Such a code is optimal in the sense that it uses the smallest possible number of qubits required to perform the task of correcting a spontaneous emission error, since we know that the information stored in one uncoded qubit is spontaneous emission is destroyed.

Generalizations to n qubits

Since only one physical qubit is used in addition to the number of logical qubits, this is obviously again an optimal code. These schemes with a driving Hamiltonian do not have the admittedly desirable property of the given codes, in that if there is a time delay between the occurrence of the error and the application of the correction, the effective zero-emission evolution does not lead to additional errors. .

One-qubit general measurement operators

General unraveling

Note that we can now easily understand the error of the then hopping process of the spontaneous emission qubit considered in Sec. The generalization from spontaneous emission to the general jump operator cj for their case is straightforward: the code is the same as in the one-stabilizer protocol above, with a single stabilizer equal to (6.23).

Diffusive unraveling

We note that the work in this section can be easily modified to generalize the results of [43]. Therefore, if we are given the gauge operator e−iφc=χ+A+iB, we must choose a code with a stabilizer such that the condition (6.29) applies; then it is possible to find a reaction and a driving Hamiltonian such that the total evolution conserves the code space.

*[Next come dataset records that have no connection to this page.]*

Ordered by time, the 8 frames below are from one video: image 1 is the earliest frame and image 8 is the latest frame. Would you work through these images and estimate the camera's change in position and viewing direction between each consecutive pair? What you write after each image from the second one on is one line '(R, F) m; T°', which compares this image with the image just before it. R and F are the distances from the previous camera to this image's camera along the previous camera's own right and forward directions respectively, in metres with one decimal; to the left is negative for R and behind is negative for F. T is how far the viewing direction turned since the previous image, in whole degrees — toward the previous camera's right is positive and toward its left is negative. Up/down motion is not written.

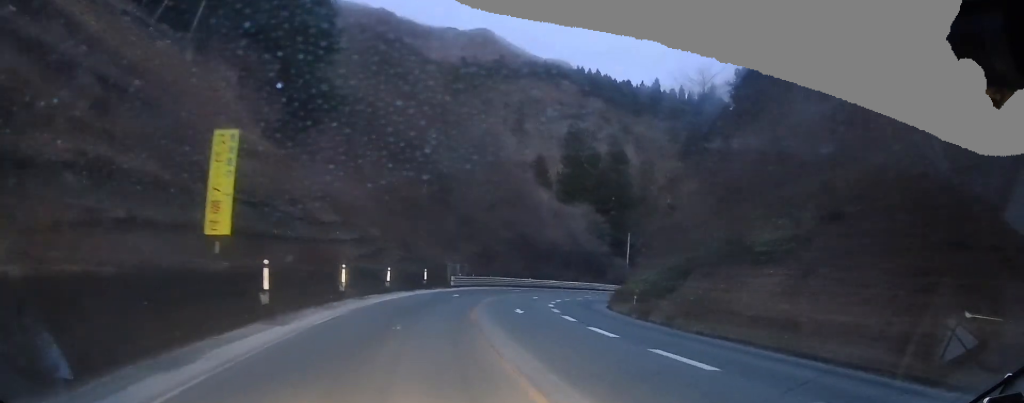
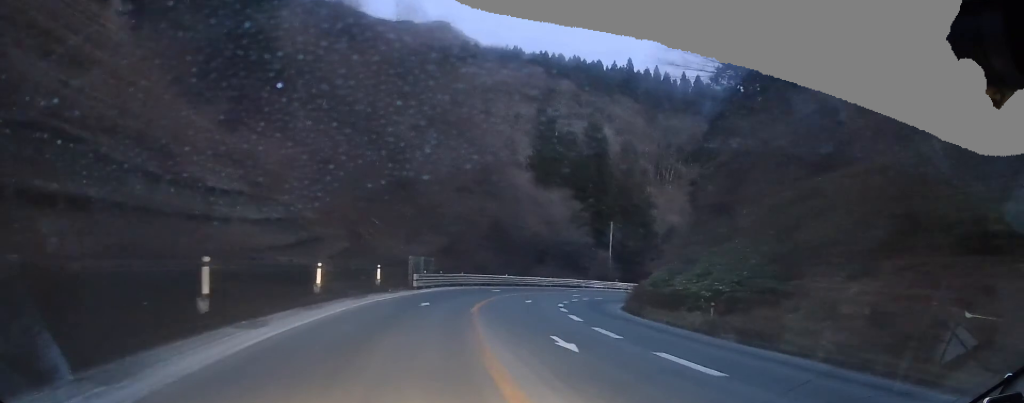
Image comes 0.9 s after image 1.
(+0.4, +11.6) m; +1°
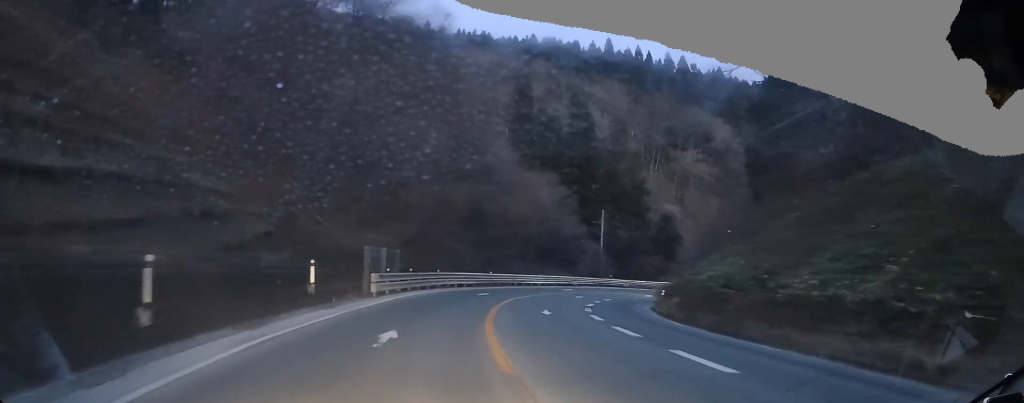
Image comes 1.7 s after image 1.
(0.0, +11.5) m; 0°
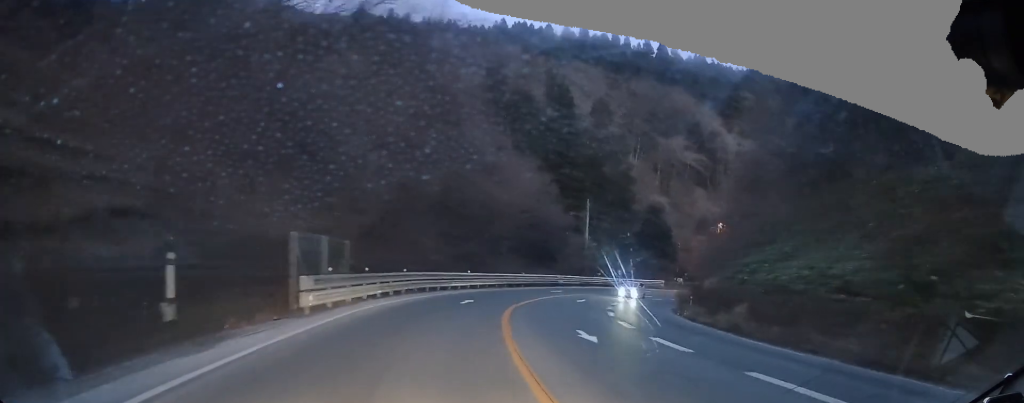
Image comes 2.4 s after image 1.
(-0.4, +9.3) m; 0°
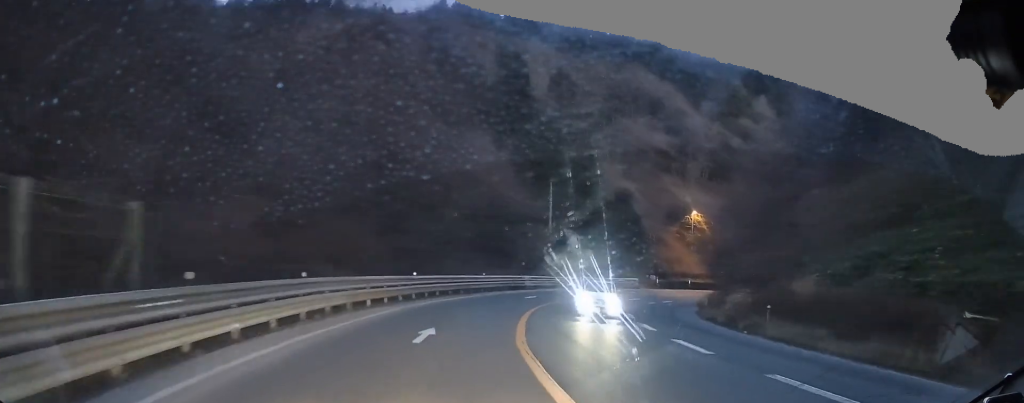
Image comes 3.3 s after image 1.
(+0.7, +12.5) m; +3°
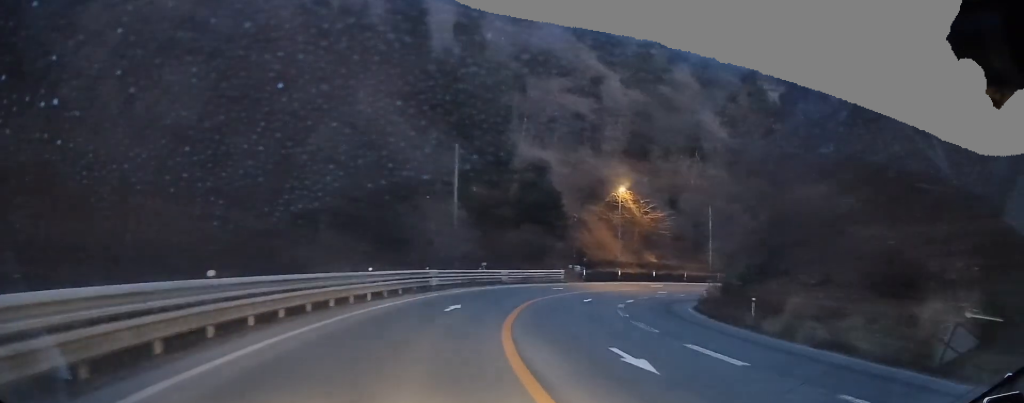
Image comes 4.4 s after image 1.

Diffusion as the limit of jumps

We saw in (6.33) and (6.34) that the feedback Hamiltonian needed to undo the effect of the jump operator enc+γ was fair. For simplicity, let's assume that the error rates on both qubits are the same (κ): furthermore, imagine that our value for κ is slightly off by a fraction ², so instead of correctly applying a driving Hamiltonian proportional to κ , apply a Hamiltonian proportional to κ(1 +²).

Universal quantum gates

Since the first term is proportional to the identity and the second term acts as zero on the code space, the effective evolution is given exclusively by Henc as long as the state remains in the code space under this evolution. Again, since D(1−S) annihilates the codespace, the effective evolution is given exclusively by Henc as long as the state remains in the codespace under this evolution.

Multiple channels

When there are two channels, a Bloch sphere analysis shows that it is possible to find a single S such that {S, D(j),α} = 0. Since it is possible to find a unit rotation which (1) take. toσZ as well as D(1),1 andD(1),2 to linear combinations ofσX andσY, this operator must anticommute with D(1),1 andD(1),2.

Looking at a spin 1 system

In the protocol given here we further assume that we know which error has occurred because measuring the error tells us which error has occurred. Unfortunately, this is a bit too simple to be true, as J+ operators do not fall into the category of operators that we are allowed to perform.

Conclusion

This means that at least 3L/4 of the surface must be inverted (since the minimum droplet surfaces can cover L/4 of the surface). With a success probability exponentially close to one, all errors in classical measured bits are removed.

The probability of failure for an encoded gate

An overview of Gacs’ proof of the fault-tolerance of Toom’s rule

The size of the cleanup circle dominated by the required measurements is O(s5) = O(log5L). The post-processing of the measured syndrome is performed level by level in the associated code.

Figure 7.2: A sample investigation graph for the evolution shown in Fig. 7.1. Two droplets at t = − 5 evolve to become the a single cell, v, in error at t = 0

Suppression of error droplets

The quantum problem: two-dimensional error droplets in four dimen-

As a result, cells in Noise in the obedient explanation share at least one edge with at least one cell in Noise in the disobedient explanation. It could be possible that the disobedient Explanation scores fewer points in Noise than the obedient one.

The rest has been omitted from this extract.